■ HOW TO COMPLETE THIS TASK ■
Write down every entry once more, exactly as it reads.

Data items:

■ ■ ■ ■ ■

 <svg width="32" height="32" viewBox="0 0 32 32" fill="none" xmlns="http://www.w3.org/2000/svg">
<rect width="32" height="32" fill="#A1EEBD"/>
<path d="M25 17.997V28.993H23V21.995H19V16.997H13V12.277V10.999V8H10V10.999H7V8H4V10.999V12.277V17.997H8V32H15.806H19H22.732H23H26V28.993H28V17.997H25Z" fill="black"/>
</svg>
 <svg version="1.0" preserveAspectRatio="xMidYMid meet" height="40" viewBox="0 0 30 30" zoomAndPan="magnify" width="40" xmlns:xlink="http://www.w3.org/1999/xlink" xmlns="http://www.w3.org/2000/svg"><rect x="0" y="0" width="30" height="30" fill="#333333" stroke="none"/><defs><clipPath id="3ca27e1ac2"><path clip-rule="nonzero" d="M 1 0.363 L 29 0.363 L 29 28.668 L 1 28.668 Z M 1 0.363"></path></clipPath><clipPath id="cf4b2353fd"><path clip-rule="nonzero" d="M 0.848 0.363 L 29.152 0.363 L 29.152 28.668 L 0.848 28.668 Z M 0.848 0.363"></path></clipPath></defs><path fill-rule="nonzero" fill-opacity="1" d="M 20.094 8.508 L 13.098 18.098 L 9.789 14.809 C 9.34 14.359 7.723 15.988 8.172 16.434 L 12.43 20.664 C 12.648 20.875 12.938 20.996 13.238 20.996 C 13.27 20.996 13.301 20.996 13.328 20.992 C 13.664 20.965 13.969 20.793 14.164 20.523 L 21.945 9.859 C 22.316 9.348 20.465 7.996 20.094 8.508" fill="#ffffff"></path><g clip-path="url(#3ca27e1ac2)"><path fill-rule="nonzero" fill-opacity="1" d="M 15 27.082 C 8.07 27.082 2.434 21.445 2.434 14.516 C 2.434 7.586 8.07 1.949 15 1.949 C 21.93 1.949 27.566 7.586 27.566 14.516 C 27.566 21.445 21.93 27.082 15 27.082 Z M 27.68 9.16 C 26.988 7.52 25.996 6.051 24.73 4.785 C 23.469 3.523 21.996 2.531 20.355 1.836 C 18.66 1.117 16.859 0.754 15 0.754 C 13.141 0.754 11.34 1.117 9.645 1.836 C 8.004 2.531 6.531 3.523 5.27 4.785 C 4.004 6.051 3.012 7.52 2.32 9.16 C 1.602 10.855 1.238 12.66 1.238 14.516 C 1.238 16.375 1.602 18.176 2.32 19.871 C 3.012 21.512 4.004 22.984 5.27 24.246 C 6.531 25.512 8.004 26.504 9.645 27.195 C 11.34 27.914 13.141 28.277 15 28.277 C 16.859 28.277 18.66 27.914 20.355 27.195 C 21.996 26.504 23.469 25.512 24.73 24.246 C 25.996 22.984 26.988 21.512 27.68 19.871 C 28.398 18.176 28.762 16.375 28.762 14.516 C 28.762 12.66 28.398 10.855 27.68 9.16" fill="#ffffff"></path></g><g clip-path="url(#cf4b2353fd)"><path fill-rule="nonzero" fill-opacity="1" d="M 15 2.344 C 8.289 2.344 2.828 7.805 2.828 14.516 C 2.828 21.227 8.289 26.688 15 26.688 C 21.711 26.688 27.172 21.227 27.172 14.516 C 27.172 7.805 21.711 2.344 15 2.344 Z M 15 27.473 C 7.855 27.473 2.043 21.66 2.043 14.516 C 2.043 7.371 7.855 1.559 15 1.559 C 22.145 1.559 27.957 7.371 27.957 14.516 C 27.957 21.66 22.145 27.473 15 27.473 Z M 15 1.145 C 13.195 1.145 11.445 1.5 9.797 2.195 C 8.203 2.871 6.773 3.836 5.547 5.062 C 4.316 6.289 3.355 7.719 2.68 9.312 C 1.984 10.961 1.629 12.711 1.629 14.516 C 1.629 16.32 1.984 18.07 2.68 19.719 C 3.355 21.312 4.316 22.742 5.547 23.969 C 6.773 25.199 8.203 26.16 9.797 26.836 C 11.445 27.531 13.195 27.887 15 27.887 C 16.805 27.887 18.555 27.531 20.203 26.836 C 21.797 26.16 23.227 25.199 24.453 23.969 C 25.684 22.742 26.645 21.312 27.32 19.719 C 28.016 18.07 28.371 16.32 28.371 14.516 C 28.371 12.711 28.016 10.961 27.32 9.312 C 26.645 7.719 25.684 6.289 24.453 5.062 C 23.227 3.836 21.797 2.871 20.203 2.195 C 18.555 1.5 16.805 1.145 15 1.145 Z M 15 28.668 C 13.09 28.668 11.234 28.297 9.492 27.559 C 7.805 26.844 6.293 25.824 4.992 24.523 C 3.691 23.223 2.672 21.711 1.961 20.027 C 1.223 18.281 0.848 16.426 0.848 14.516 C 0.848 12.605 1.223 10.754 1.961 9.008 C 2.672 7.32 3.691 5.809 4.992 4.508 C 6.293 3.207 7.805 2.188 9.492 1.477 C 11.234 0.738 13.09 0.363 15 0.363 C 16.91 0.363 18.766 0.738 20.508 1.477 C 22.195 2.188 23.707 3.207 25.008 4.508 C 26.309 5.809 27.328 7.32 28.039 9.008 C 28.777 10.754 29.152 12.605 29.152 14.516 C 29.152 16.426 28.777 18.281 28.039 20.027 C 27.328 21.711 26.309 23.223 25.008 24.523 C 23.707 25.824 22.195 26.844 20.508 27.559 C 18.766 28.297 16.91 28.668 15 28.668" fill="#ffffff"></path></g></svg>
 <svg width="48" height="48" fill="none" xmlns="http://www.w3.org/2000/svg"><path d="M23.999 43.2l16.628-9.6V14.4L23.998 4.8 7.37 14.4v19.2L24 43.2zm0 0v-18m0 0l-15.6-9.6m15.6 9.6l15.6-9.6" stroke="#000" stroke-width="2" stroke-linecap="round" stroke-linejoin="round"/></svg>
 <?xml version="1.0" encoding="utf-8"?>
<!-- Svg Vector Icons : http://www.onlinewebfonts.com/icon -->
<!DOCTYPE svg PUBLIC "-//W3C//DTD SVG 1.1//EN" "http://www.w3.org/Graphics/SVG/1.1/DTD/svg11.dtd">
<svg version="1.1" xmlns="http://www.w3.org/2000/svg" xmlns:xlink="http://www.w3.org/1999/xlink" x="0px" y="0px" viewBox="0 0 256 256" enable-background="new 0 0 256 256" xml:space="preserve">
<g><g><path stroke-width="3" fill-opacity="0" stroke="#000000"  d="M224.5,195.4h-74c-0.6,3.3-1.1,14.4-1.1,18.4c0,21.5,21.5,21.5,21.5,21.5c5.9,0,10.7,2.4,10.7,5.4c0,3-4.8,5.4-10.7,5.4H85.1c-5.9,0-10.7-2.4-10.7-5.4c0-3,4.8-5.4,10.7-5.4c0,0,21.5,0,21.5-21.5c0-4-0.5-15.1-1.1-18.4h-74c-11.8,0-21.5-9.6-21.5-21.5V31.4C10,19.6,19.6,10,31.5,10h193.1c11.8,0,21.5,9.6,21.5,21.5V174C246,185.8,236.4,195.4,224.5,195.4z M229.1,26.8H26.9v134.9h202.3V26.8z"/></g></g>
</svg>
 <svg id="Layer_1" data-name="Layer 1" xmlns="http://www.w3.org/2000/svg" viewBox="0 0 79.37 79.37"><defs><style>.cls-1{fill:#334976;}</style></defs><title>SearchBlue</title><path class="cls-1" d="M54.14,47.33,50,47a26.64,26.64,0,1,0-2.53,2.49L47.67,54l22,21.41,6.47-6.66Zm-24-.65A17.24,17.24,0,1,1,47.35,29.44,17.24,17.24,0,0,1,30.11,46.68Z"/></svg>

■ ■ ■ ■ ■

■ EXPECTED ANSWER ■
 <svg width="32" height="32" viewBox="0 0 32 32" fill="none" xmlns="http://www.w3.org/2000/svg">
<rect width="32" height="32" fill="#A1EEBD"/>
<path d="M25 17.997V28.993H23V21.995H19V16.997H13V12.277V10.999V8H10V10.999H7V8H4V10.999V12.277V17.997H8V32H15.806H19H22.732H23H26V28.993H28V17.997H25Z" fill="black"/>
</svg>
 <svg version="1.0" preserveAspectRatio="xMidYMid meet" height="40" viewBox="0 0 30 30" zoomAndPan="magnify" width="40" xmlns:xlink="http://www.w3.org/1999/xlink" xmlns="http://www.w3.org/2000/svg"><rect x="0" y="0" width="30" height="30" fill="#333333" stroke="none"/><defs><clipPath id="3ca27e1ac2"><path clip-rule="nonzero" d="M 1 0.363 L 29 0.363 L 29 28.668 L 1 28.668 Z M 1 0.363"></path></clipPath><clipPath id="cf4b2353fd"><path clip-rule="nonzero" d="M 0.848 0.363 L 29.152 0.363 L 29.152 28.668 L 0.848 28.668 Z M 0.848 0.363"></path></clipPath></defs><path fill-rule="nonzero" fill-opacity="1" d="M 20.094 8.508 L 13.098 18.098 L 9.789 14.809 C 9.34 14.359 7.723 15.988 8.172 16.434 L 12.43 20.664 C 12.648 20.875 12.938 20.996 13.238 20.996 C 13.27 20.996 13.301 20.996 13.328 20.992 C 13.664 20.965 13.969 20.793 14.164 20.523 L 21.945 9.859 C 22.316 9.348 20.465 7.996 20.094 8.508" fill="#ffffff"></path><g clip-path="url(#3ca27e1ac2)"><path fill-rule="nonzero" fill-opacity="1" d="M 15 27.082 C 8.07 27.082 2.434 21.445 2.434 14.516 C 2.434 7.586 8.07 1.949 15 1.949 C 21.93 1.949 27.566 7.586 27.566 14.516 C 27.566 21.445 21.93 27.082 15 27.082 Z M 27.68 9.16 C 26.988 7.52 25.996 6.051 24.73 4.785 C 23.469 3.523 21.996 2.531 20.355 1.836 C 18.66 1.117 16.859 0.754 15 0.754 C 13.141 0.754 11.34 1.117 9.645 1.836 C 8.004 2.531 6.531 3.523 5.27 4.785 C 4.004 6.051 3.012 7.52 2.32 9.16 C 1.602 10.855 1.238 12.66 1.238 14.516 C 1.238 16.375 1.602 18.176 2.32 19.871 C 3.012 21.512 4.004 22.984 5.27 24.246 C 6.531 25.512 8.004 26.504 9.645 27.195 C 11.34 27.914 13.141 28.277 15 28.277 C 16.859 28.277 18.66 27.914 20.355 27.195 C 21.996 26.504 23.469 25.512 24.73 24.246 C 25.996 22.984 26.988 21.512 27.68 19.871 C 28.398 18.176 28.762 16.375 28.762 14.516 C 28.762 12.66 28.398 10.855 27.68 9.16" fill="#ffffff"></path></g><g clip-path="url(#cf4b2353fd)"><path fill-rule="nonzero" fill-opacity="1" d="M 15 2.344 C 8.289 2.344 2.828 7.805 2.828 14.516 C 2.828 21.227 8.289 26.688 15 26.688 C 21.711 26.688 27.172 21.227 27.172 14.516 C 27.172 7.805 21.711 2.344 15 2.344 Z M 15 27.473 C 7.855 27.473 2.043 21.66 2.043 14.516 C 2.043 7.371 7.855 1.559 15 1.559 C 22.145 1.559 27.957 7.371 27.957 14.516 C 27.957 21.66 22.145 27.473 15 27.473 Z M 15 1.145 C 13.195 1.145 11.445 1.5 9.797 2.195 C 8.203 2.871 6.773 3.836 5.547 5.062 C 4.316 6.289 3.355 7.719 2.68 9.312 C 1.984 10.961 1.629 12.711 1.629 14.516 C 1.629 16.32 1.984 18.07 2.68 19.719 C 3.355 21.312 4.316 22.742 5.547 23.969 C 6.773 25.199 8.203 26.16 9.797 26.836 C 11.445 27.531 13.195 27.887 15 27.887 C 16.805 27.887 18.555 27.531 20.203 26.836 C 21.797 26.16 23.227 25.199 24.453 23.969 C 25.684 22.742 26.645 21.312 27.32 19.719 C 28.016 18.07 28.371 16.32 28.371 14.516 C 28.371 12.711 28.016 10.961 27.32 9.312 C 26.645 7.719 25.684 6.289 24.453 5.062 C 23.227 3.836 21.797 2.871 20.203 2.195 C 18.555 1.5 16.805 1.145 15 1.145 Z M 15 28.668 C 13.09 28.668 11.234 28.297 9.492 27.559 C 7.805 26.844 6.293 25.824 4.992 24.523 C 3.691 23.223 2.672 21.711 1.961 20.027 C 1.223 18.281 0.848 16.426 0.848 14.516 C 0.848 12.605 1.223 10.754 1.961 9.008 C 2.672 7.32 3.691 5.809 4.992 4.508 C 6.293 3.207 7.805 2.188 9.492 1.477 C 11.234 0.738 13.09 0.363 15 0.363 C 16.91 0.363 18.766 0.738 20.508 1.477 C 22.195 2.188 23.707 3.207 25.008 4.508 C 26.309 5.809 27.328 7.32 28.039 9.008 C 28.777 10.754 29.152 12.605 29.152 14.516 C 29.152 16.426 28.777 18.281 28.039 20.027 C 27.328 21.711 26.309 23.223 25.008 24.523 C 23.707 25.824 22.195 26.844 20.508 27.559 C 18.766 28.297 16.91 28.668 15 28.668" fill="#ffffff"></path></g></svg>
 <svg width="48" height="48" fill="none" xmlns="http://www.w3.org/2000/svg"><path d="M23.999 43.2l16.628-9.6V14.4L23.998 4.8 7.37 14.4v19.2L24 43.2zm0 0v-18m0 0l-15.6-9.6m15.6 9.6l15.6-9.6" stroke="#000" stroke-width="2" stroke-linecap="round" stroke-linejoin="round"/></svg>
 <?xml version="1.0" encoding="utf-8"?>
<!-- Svg Vector Icons : http://www.onlinewebfonts.com/icon -->
<!DOCTYPE svg PUBLIC "-//W3C//DTD SVG 1.1//EN" "http://www.w3.org/Graphics/SVG/1.1/DTD/svg11.dtd">
<svg version="1.1" xmlns="http://www.w3.org/2000/svg" xmlns:xlink="http://www.w3.org/1999/xlink" x="0px" y="0px" viewBox="0 0 256 256" enable-background="new 0 0 256 256" xml:space="preserve">
<g><g><path stroke-width="3" fill-opacity="0" stroke="#000000"  d="M224.5,195.4h-74c-0.6,3.3-1.1,14.4-1.1,18.4c0,21.5,21.5,21.5,21.5,21.5c5.9,0,10.7,2.4,10.7,5.4c0,3-4.8,5.4-10.7,5.4H85.1c-5.9,0-10.7-2.4-10.7-5.4c0-3,4.8-5.4,10.7-5.4c0,0,21.5,0,21.5-21.5c0-4-0.5-15.1-1.1-18.4h-74c-11.8,0-21.5-9.6-21.5-21.5V31.4C10,19.6,19.6,10,31.5,10h193.1c11.8,0,21.5,9.6,21.5,21.5V174C246,185.8,236.4,195.4,224.5,195.4z M229.1,26.8H26.9v134.9h202.3V26.8z"/></g></g>
</svg>
 <svg id="Layer_1" data-name="Layer 1" xmlns="http://www.w3.org/2000/svg" viewBox="0 0 79.37 79.37"><defs><style>.cls-1{fill:#334976;}</style></defs><title>SearchBlue</title><path class="cls-1" d="M54.14,47.33,50,47a26.64,26.64,0,1,0-2.53,2.49L47.67,54l22,21.41,6.47-6.66Zm-24-.65A17.24,17.24,0,1,1,47.35,29.44,17.24,17.24,0,0,1,30.11,46.68Z"/></svg>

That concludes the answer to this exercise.